### Import Library Dependencies

In [None]:
from microgrid_gym_env import MicrogridEnv
from double_dqn_agent import DoubleDQNAgent
from load_profile_data_loader import LoadProfileDataLoader

### Import Microgrid Load Profile Data

In [None]:
data_loader = LoadProfileDataLoader(csv_file_path="load_profile_data_nov2024.csv")
train_load_profile_data = data_loader.load_data(from_date='2024-11-01', to_date='2024-11-22')
test_load_profile_data = data_loader.load_data(from_date='2024-11-23', to_date='2024-11-30')

In [None]:
mini_flex_high_demand_tariff = {'peak_rate': 624.05, 'standard_rate': 189.08, 'offpeak_rate': 102.70}
mini_flex_low_demand_tariff = {'peak_rate': 203.57, 'standard_rate': 140.10, 'offpeak_rate': 88.91}
selected_tariff = mini_flex_high_demand_tariff

### Initialize Microgrid Training Environment

In [None]:
train_env = MicrogridEnv(data = train_load_profile_data, 
                         grid_notified_maximum_demand = 2000.0, 
                         bess_capacity = 3000.0, 
                         bess_cycle_efficiency = 0.9, 
                         bess_step_sizes = [1000.0, 250.0, 0.0, 250.0, 1000.0], 
                         tou_peak_tariff = selected_tariff['peak_rate'] / 100.0, 
                         tou_standard_tariff = selected_tariff['standard_rate'] / 100.0, 
                         tou_offpeak_tariff = selected_tariff['offpeak_rate'] / 100.0, 
                         solar_ppa_tariff = 1.4,
                         debug_flag = False)

train_env.reset()

### Initialize Double DQN Agent For Training

In [None]:
agent = DoubleDQNAgent(env=train_env, 
                       discount_factor=0.98,
                       td_n_steps_unroll=3,
                       initial_lr=0.0005, 
                       final_lr_factor=0.01,
                       total_training_steps=200_000,
                       per_alpha=0.6,
                       per_beta=0.4,
                       per_beta_increment=0.6/200_000,
                       exp_batch_size=24*7*8, # 8 episodes
                       exp_buffer_size=24*7*1024, # 1024 episodes
                       exp_min_buffer_samples=24*7*32, # 32 episodes
                       target_model_sync_steps=24*7*32, # 32 episodes
                       episode_len=24*7, # 1 episode = 1 week
                       stop_reward=250.0)
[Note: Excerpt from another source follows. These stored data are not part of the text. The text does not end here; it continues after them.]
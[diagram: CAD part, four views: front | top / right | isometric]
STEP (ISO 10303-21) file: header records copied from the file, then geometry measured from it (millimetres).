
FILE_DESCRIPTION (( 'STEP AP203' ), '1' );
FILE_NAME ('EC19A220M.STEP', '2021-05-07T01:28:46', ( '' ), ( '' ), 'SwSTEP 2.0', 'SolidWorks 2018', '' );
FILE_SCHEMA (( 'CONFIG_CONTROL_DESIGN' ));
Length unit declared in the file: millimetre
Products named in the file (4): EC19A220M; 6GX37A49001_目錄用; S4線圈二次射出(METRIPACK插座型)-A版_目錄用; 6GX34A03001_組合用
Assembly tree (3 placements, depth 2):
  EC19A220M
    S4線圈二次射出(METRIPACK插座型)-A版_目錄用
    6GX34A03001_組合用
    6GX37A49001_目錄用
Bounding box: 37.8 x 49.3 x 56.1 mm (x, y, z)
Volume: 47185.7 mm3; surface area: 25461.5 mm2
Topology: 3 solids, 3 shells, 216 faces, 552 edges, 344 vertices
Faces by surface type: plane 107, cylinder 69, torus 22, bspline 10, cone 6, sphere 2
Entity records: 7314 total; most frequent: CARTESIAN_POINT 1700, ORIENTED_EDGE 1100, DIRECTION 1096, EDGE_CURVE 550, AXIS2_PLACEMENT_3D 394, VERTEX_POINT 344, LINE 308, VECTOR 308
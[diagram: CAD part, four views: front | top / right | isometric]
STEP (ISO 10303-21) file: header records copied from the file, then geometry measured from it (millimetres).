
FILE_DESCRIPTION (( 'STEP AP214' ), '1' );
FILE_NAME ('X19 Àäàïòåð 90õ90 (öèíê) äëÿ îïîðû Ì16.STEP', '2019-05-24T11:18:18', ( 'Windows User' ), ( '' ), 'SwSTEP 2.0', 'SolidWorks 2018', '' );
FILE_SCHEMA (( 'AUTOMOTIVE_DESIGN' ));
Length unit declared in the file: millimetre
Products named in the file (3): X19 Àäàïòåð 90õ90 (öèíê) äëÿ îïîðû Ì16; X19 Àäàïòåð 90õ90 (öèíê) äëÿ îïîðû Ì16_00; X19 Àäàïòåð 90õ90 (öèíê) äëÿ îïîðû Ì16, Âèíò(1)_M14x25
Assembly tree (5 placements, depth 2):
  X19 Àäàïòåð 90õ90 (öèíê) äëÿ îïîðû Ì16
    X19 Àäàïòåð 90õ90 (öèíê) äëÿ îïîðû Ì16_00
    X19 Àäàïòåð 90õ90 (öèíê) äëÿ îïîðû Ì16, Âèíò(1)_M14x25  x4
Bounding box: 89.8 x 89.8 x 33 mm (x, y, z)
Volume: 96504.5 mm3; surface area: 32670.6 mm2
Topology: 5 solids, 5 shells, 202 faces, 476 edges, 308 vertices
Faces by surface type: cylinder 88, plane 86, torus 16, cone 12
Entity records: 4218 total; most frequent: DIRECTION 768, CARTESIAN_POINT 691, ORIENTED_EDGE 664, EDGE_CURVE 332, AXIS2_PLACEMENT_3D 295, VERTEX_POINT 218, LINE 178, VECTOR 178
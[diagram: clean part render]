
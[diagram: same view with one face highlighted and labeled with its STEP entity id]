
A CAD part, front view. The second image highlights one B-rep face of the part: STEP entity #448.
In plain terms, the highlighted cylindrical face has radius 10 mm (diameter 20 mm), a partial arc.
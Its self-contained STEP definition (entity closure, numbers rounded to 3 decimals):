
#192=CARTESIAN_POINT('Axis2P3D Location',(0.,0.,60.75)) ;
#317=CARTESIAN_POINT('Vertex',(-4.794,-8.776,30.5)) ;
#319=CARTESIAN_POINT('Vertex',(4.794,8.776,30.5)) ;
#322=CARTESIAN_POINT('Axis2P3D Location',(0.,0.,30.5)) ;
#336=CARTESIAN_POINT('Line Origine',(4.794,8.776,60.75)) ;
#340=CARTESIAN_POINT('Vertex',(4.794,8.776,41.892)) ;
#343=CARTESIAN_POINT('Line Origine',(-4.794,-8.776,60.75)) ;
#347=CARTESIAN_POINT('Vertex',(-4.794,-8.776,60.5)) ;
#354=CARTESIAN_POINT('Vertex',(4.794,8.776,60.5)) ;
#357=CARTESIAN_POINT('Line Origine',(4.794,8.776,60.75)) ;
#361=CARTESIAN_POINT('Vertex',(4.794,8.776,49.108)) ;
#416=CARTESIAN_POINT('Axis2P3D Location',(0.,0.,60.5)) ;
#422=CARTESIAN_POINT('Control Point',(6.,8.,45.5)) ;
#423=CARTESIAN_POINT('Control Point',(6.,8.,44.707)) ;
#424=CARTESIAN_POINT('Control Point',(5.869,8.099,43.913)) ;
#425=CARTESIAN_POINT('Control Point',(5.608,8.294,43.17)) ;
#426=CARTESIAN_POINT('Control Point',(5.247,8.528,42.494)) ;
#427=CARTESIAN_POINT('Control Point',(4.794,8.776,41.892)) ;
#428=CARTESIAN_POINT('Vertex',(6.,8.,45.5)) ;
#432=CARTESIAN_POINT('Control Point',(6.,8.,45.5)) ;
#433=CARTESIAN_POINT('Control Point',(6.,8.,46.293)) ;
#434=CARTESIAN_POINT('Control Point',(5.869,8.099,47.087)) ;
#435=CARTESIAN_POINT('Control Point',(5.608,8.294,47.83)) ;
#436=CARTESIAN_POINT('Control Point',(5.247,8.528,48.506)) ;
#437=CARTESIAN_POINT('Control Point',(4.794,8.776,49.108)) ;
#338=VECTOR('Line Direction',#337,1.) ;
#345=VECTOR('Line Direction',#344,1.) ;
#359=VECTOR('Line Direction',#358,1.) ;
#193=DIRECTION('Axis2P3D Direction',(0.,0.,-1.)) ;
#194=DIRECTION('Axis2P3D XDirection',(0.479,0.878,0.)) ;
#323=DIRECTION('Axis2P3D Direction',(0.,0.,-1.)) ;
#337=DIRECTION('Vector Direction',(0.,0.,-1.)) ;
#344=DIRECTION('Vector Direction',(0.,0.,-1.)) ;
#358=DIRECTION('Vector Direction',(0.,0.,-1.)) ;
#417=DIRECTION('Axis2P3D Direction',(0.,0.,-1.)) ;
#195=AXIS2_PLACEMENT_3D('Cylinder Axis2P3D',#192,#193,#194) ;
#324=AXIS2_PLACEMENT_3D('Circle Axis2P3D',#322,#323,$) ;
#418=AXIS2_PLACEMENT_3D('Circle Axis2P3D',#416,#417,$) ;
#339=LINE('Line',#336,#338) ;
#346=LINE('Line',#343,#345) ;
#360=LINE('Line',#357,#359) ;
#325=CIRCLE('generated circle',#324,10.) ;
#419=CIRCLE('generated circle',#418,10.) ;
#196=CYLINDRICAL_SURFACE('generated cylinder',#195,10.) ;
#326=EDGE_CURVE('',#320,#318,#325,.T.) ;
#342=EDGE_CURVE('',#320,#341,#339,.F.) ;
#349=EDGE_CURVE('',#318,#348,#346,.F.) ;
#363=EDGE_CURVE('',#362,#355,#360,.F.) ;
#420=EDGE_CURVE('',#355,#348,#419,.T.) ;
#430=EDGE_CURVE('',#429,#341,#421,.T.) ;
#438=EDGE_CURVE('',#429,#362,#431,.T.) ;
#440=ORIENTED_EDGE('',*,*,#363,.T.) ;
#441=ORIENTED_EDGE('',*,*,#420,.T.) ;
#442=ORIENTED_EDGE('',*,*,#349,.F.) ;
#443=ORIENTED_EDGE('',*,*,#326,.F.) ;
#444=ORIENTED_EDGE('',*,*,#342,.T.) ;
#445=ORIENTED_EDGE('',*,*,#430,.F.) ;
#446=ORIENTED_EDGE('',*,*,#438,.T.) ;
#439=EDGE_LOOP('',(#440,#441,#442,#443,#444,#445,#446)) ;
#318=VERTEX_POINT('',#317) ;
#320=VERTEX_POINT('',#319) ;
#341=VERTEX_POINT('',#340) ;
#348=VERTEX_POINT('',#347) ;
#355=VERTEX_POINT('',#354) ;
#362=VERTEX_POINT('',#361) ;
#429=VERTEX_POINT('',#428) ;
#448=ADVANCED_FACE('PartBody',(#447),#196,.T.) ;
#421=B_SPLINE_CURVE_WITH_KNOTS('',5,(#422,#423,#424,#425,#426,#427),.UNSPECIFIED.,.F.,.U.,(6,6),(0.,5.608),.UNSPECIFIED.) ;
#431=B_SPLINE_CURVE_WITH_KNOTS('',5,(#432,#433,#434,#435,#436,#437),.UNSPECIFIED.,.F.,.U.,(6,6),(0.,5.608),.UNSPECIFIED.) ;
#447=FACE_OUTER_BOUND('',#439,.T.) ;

### Train Double DQN Agent

In [None]:
agent.learn()

### Test Double DQN Model

In [None]:
import numpy as np
import torch
from double_dqn_model import DoubleDQNModel
from torch.utils.tensorboard.writer import SummaryWriter

dqn_agent_model = DoubleDQNModel(input_shape=12, n_actions=5)
dqn_agent_model.load_state_dict(torch.load("double_dqn_model_weights.pth", weights_only=True))
dqn_agent_model.eval()

In [None]:
test_env = MicrogridEnv(data = test_load_profile_data, 
                        grid_notified_maximum_demand = 2000.0, 
                        bess_capacity = 3000.0, 
                        bess_cycle_efficiency = 0.9, 
                        bess_step_sizes = [1000.0, 250.0, 0.0, 250.0, 1000.0], 
                        tou_peak_tariff = selected_tariff['peak_rate'] / 100.0, 
                        tou_standard_tariff = selected_tariff['standard_rate'] / 100.0, 
                        tou_offpeak_tariff = selected_tariff['offpeak_rate'] / 100.0, 
                        solar_ppa_tariff = 1.4,
                        debug_flag = True)

test_env.reset()

In [None]:
dqn_agent_reward = 0.0
action_energy_vals = [-1000.0, -250.0, 0.0, 250.0, 1000.0]

writer = SummaryWriter(comment="DoubleDQNAgent-TestEnv")

state, _ = test_env.reset()

for state_idx in range(24*7):

    state_t = torch.as_tensor(np.array(state)).float() # Convert state to torch tensor
    state_t = state_t.unsqueeze(0) # Add batch dimension (shape: [1, state_dim]) 
    
    q_vals = dqn_agent_model(state_t)

    action = torch.argmax(q_vals, dim=1).item()  # Select action with max Q-value

    action_energy = action_energy_vals[action]  # Convert action index to energy value

    state, reward, done, truncated, _ = test_env.step(action=action)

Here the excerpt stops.